[meteorite-list] Drilling Continues at Chesapeake Bay Crater

From: Ron Baalke <baalke_at_meteoritecentral.com>
Date: Tue Jun 1 19:07:12 2004
Message-ID: <200406012307.QAA17420_at_zagami.jpl.nasa.gov>

http://story.news.yahoo.com/news?tmpl=story&cid=624&ncid=624&e=1&u=/ap/20040601/ap_on_sc/chesapeake_bay_crater

Drilling Finds Crater Beneath Va. Bay
Associated Press
June 1, 2004

CAPE CHARLES, Va. - Geologists drilling half a mile below Virginia's
Eastern Shore say they have uncovered more signs of a space rock's
impact 35 million years ago.

For more than two weeks, scientists drilled around the clock
alongside a parking lot across the harbor from Cape Charles.
They stopped at 2,700 feet.

>From the depths came jumbled, mixed bits of crystalline and
melted rock that can be dated, as well as marine deposits, brine
and other evidence of an ancient comet or asteroid that slammed
into once-shallow waters near the Delmarva Peninsula.

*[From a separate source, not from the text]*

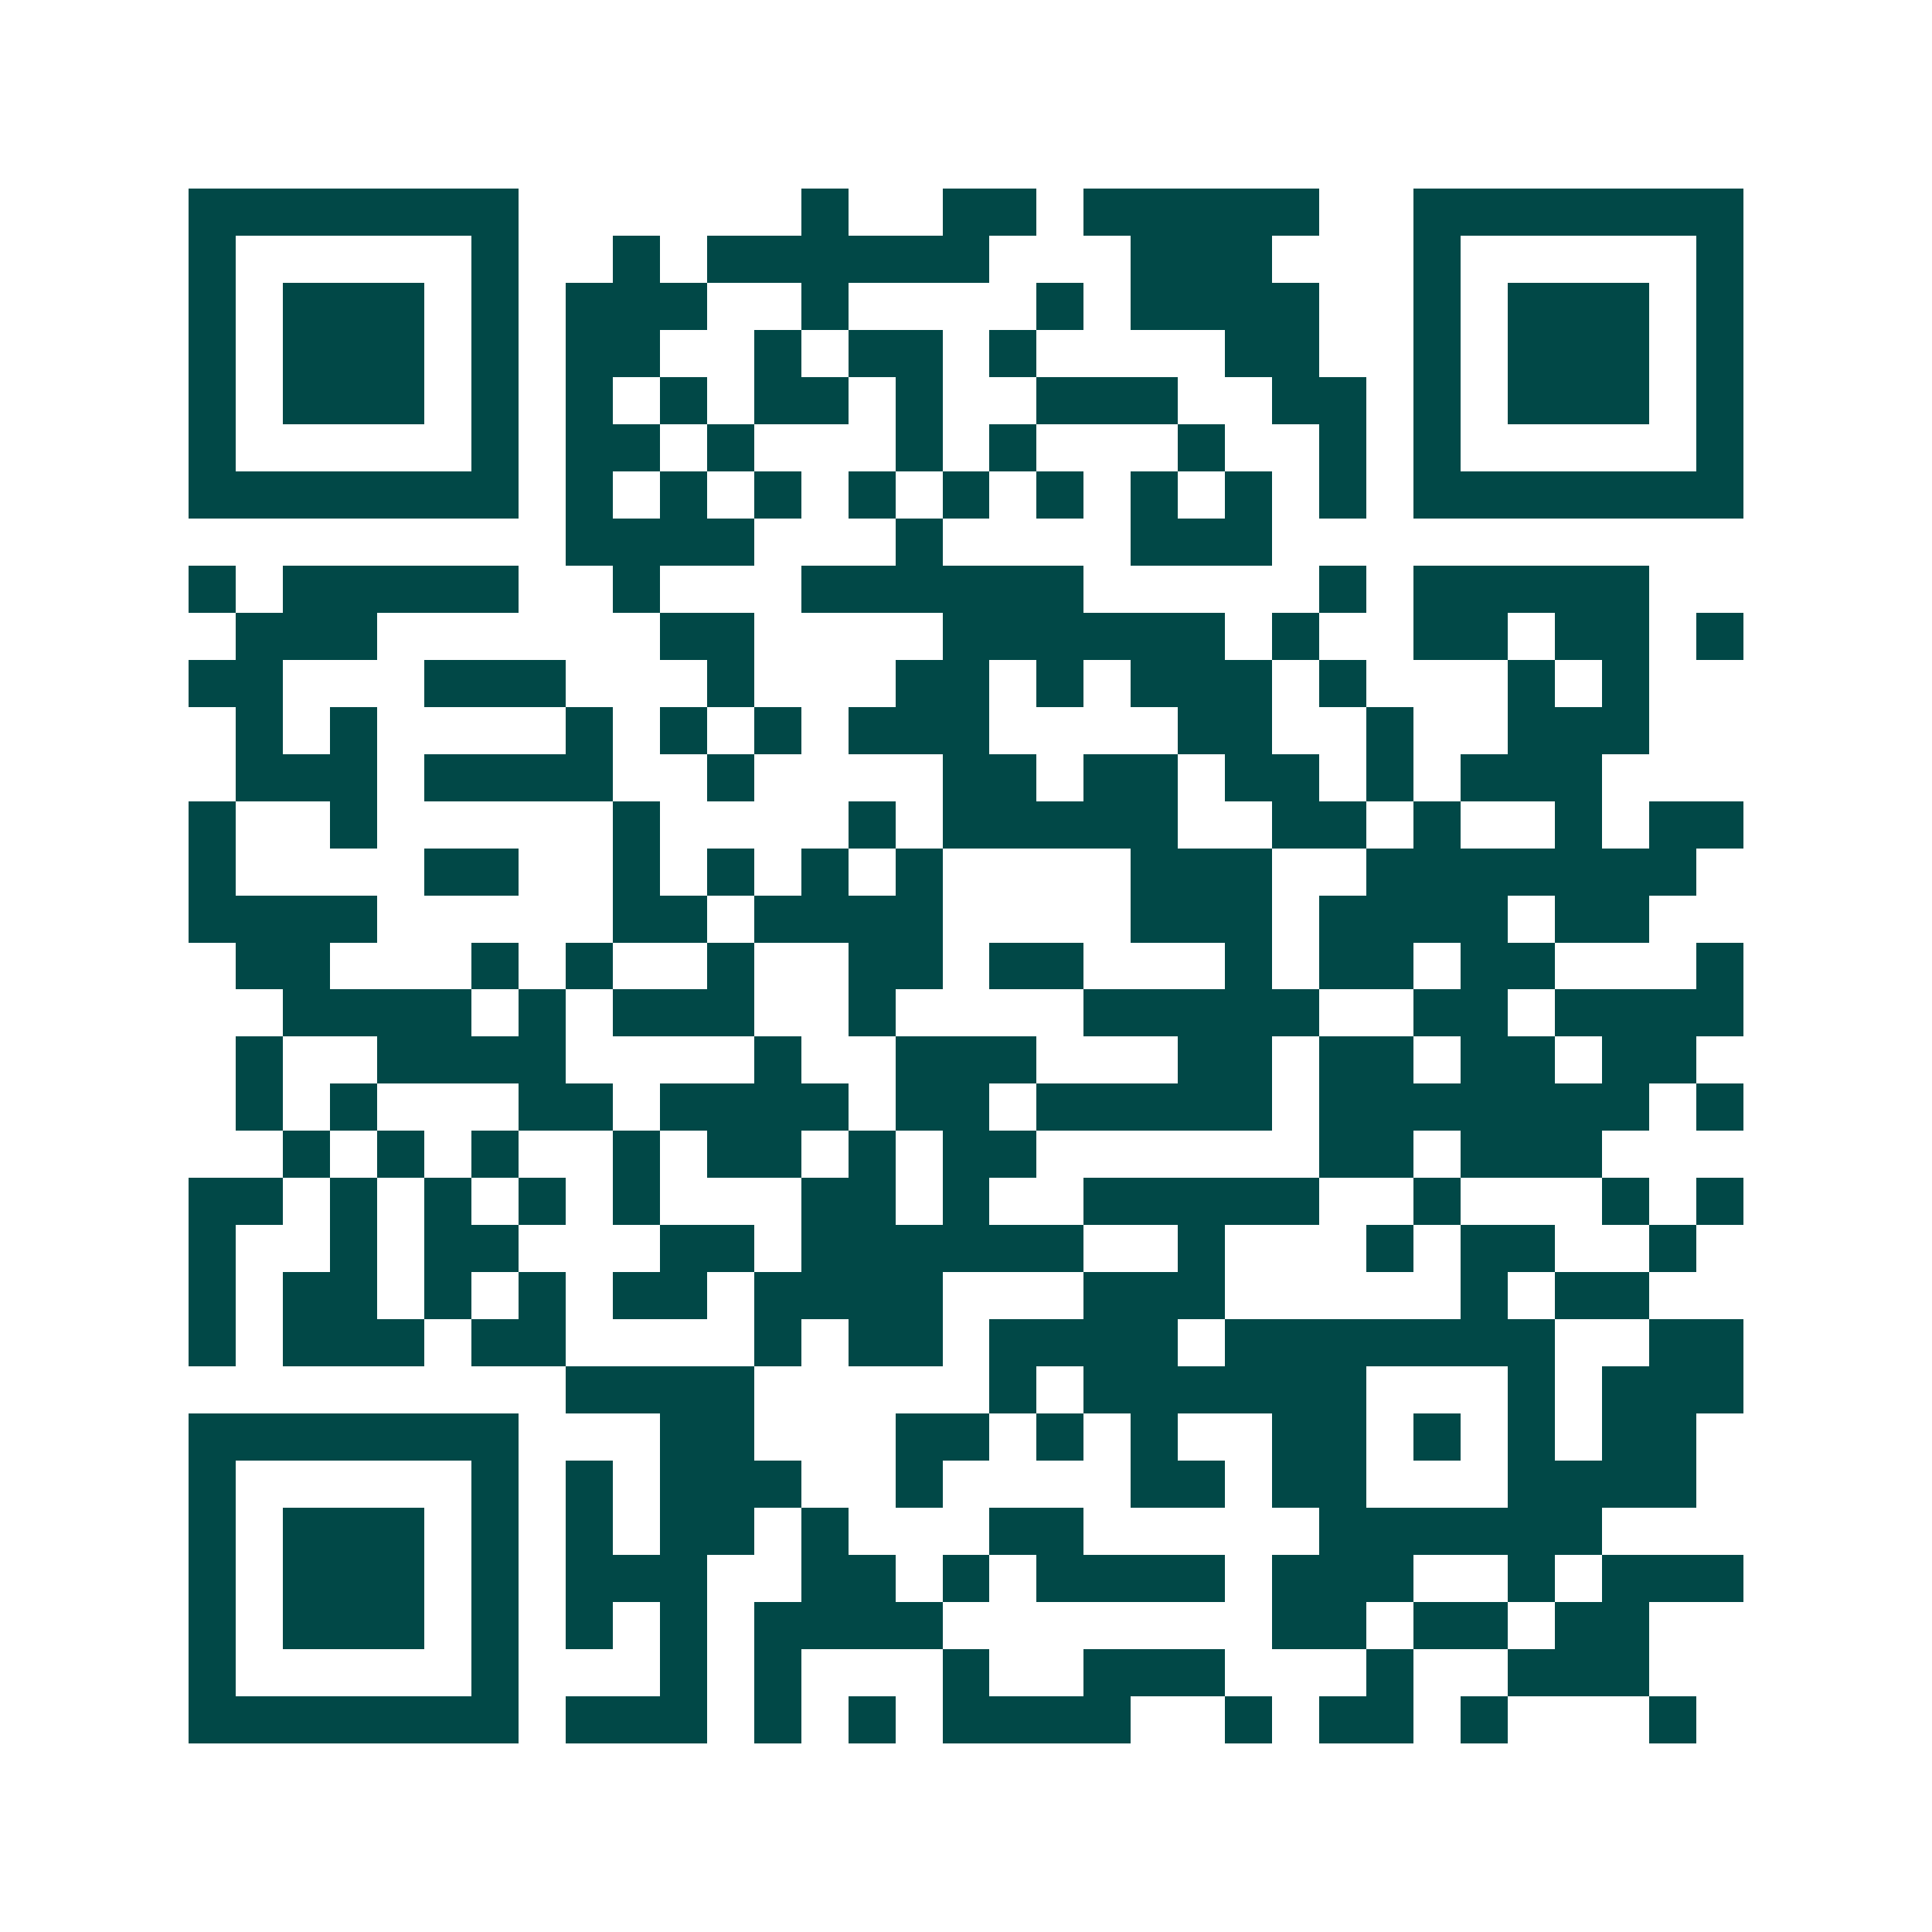 <svg xmlns="http://www.w3.org/2000/svg" width="200" height="200" viewBox="0 0 41 41" shape-rendering="crispEdges"><path fill="#ffffff" d="M0 0h41v41H0z"/><path stroke="#014847" d="M4 4.5h7m6 0h1m2 0h2m1 0h5m2 0h7M4 5.5h1m5 0h1m2 0h1m1 0h6m3 0h3m3 0h1m5 0h1M4 6.5h1m1 0h3m1 0h1m1 0h3m2 0h1m4 0h1m1 0h4m2 0h1m1 0h3m1 0h1M4 7.5h1m1 0h3m1 0h1m1 0h2m2 0h1m1 0h2m1 0h1m4 0h2m2 0h1m1 0h3m1 0h1M4 8.5h1m1 0h3m1 0h1m1 0h1m1 0h1m1 0h2m1 0h1m2 0h3m2 0h2m1 0h1m1 0h3m1 0h1M4 9.5h1m5 0h1m1 0h2m1 0h1m3 0h1m1 0h1m3 0h1m2 0h1m1 0h1m5 0h1M4 10.5h7m1 0h1m1 0h1m1 0h1m1 0h1m1 0h1m1 0h1m1 0h1m1 0h1m1 0h1m1 0h7M12 11.5h4m3 0h1m4 0h3M4 12.5h1m1 0h5m2 0h1m3 0h6m5 0h1m1 0h5M5 13.5h3m6 0h2m4 0h6m1 0h1m2 0h2m1 0h2m1 0h1M4 14.5h2m3 0h3m3 0h1m3 0h2m1 0h1m1 0h3m1 0h1m3 0h1m1 0h1M5 15.5h1m1 0h1m4 0h1m1 0h1m1 0h1m1 0h3m4 0h2m2 0h1m2 0h3M5 16.5h3m1 0h4m2 0h1m4 0h2m1 0h2m1 0h2m1 0h1m1 0h3M4 17.5h1m2 0h1m5 0h1m4 0h1m1 0h5m2 0h2m1 0h1m2 0h1m1 0h2M4 18.5h1m4 0h2m2 0h1m1 0h1m1 0h1m1 0h1m4 0h3m2 0h7M4 19.5h4m5 0h2m1 0h4m4 0h3m1 0h4m1 0h2M5 20.5h2m3 0h1m1 0h1m2 0h1m2 0h2m1 0h2m3 0h1m1 0h2m1 0h2m3 0h1M6 21.5h4m1 0h1m1 0h3m2 0h1m4 0h5m2 0h2m1 0h4M5 22.5h1m2 0h4m4 0h1m2 0h3m3 0h2m1 0h2m1 0h2m1 0h2M5 23.5h1m1 0h1m3 0h2m1 0h4m1 0h2m1 0h5m1 0h7m1 0h1M6 24.5h1m1 0h1m1 0h1m2 0h1m1 0h2m1 0h1m1 0h2m6 0h2m1 0h3M4 25.5h2m1 0h1m1 0h1m1 0h1m1 0h1m3 0h2m1 0h1m2 0h5m2 0h1m3 0h1m1 0h1M4 26.5h1m2 0h1m1 0h2m3 0h2m1 0h6m2 0h1m3 0h1m1 0h2m2 0h1M4 27.5h1m1 0h2m1 0h1m1 0h1m1 0h2m1 0h4m3 0h3m5 0h1m1 0h2M4 28.5h1m1 0h3m1 0h2m4 0h1m1 0h2m1 0h4m1 0h7m2 0h2M12 29.5h4m5 0h1m1 0h6m3 0h1m1 0h3M4 30.5h7m3 0h2m3 0h2m1 0h1m1 0h1m2 0h2m1 0h1m1 0h1m1 0h2M4 31.5h1m5 0h1m1 0h1m1 0h3m2 0h1m4 0h2m1 0h2m3 0h4M4 32.5h1m1 0h3m1 0h1m1 0h1m1 0h2m1 0h1m3 0h2m5 0h6M4 33.5h1m1 0h3m1 0h1m1 0h3m2 0h2m1 0h1m1 0h4m1 0h3m2 0h1m1 0h3M4 34.5h1m1 0h3m1 0h1m1 0h1m1 0h1m1 0h4m7 0h2m1 0h2m1 0h2M4 35.5h1m5 0h1m3 0h1m1 0h1m3 0h1m2 0h3m3 0h1m2 0h3M4 36.5h7m1 0h3m1 0h1m1 0h1m1 0h4m2 0h1m1 0h2m1 0h1m3 0h1"/></svg>

Cape Charles is considered Ground Zero for the resulting
56-mile-wide depression below what's now the Chesapeake
Bay. The drilling project marks the first time the geologists
explored the inner portion of the inverted-sombrero-shaped
crater.

"We expected to see some pretty strange rocks because of the
extreme pressure and temperatures that occurred" approximately
35 million years ago, said geologist Greg Gohn, who led the
$180,000 project for the U.S. Geological Survey.

Over the past decade, USGS and Virginia scientists have
investigated indications that a 2-mile-wide brilliant ball
traveling tens of thousands of miles per hour crashed off the
Virginia coast, burrowing thousands of feet and depressing and
fracturing the bedrock.

Billions of tons of ocean water vaporized. Millions of tons of
debris spewed 30 miles high before collapsing back into the
excavation. A train of giant waves inundated the land. The
waves then dragged debris as they washed back into the crater,
preserving it beneath a blanket of rock and sediment.

It probably took just a few minutes to create the largest crater
in the United States and sixth-largest known on the planet,
according to computer simulations.

The catastrophe squeezed freshwater from many of the aquifers of
southeastern Virginia and filled others with briny water. Its
legacy is well-known to residents who try to drill for drinkable
groundwater and encounter the saltwater "wedge," pockets of
brine nestled in an arc from the lower Eastern Shore to the
Hampton Roads-Newport News area.

Geological research off the coast of New Jersey and in Virginia,
begun in 1983, led to the crater's discovery a decade later.
Drilling and further study of seismic data narrowed the location
in the Chesapeake Bay.

"We're getting evidence about how hot this thing (was) and what
was the energy," said USGS hydrologist David Powars, one of
those credited with the crater's discovery.

More clues to the space rock's identity will come from cores taken
in the drill's final 280 feet.

A $1.2 million proposal to dig 7,000 feet not far from Cape Charles
is before the International Continental Scientific Drilling Program,
which would then assist the USGS with funding.